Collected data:

[Start of section]

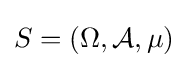
S=\left(\Omega ,{\mathcal {A}},\mu \right)
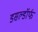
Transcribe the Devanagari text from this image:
डसल्डॉर्फ
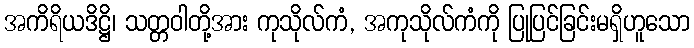
အကိရိယဒိဋ္ဌိ၊ သတ္တဝါတို့အား ကုသိုလ်ကံ, အကုသိုလ်ကံကို ပြုပြင်ခြင်းမရှိဟူသော
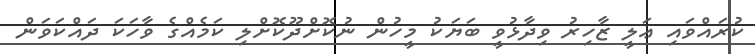
ކުރައްވައި ޢަލީ ޒާހިރު ވިދާޅުވީ ބަޔަކު މީހުން ނުކޮށްދޫކޮށްލި ކަމެއްގެ ވާހަކަ ދައްކަވަން
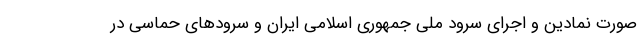
صورت نمادین و اجرای سرود ملی جمهوری اسلامی ایران و سرودهای حماسی در
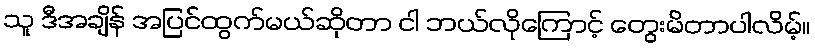
သူ ဒီအချိန် အပြင်ထွက်မယ်ဆိုတာ ငါ ဘယ်လိုကြောင့် တွေးမိတာပါလိမ့်။

[End of section]

• **Work to complete**
Pictures do not belong in the copy. Reproduce the rest of the data exactly.

• **Solution to the exercise**
S=\left(\Omega ,{\mathcal {A}},\mu \right)
Transcribe the Devanagari text from this image:
डसल्डॉर्फ
အကိရိယဒိဋ္ဌိ၊ သတ္တဝါတို့အား ကုသိုလ်ကံ, အကုသိုလ်ကံကို ပြုပြင်ခြင်းမရှိဟူသော
ކުރައްވައި ޢަލީ ޒާހިރު ވިދާޅުވީ ބަޔަކު މީހުން ނުކޮށްދޫކޮށްލި ކަމެއްގެ ވާހަކަ ދައްކަވަން
صورت نمادین و اجرای سرود ملی جمهوری اسلامی ایران و سرودهای حماسی در
သူ ဒီအချိန် အပြင်ထွက်မယ်ဆိုတာ ငါ ဘယ်လိုကြောင့် တွေးမိတာပါလိမ့်။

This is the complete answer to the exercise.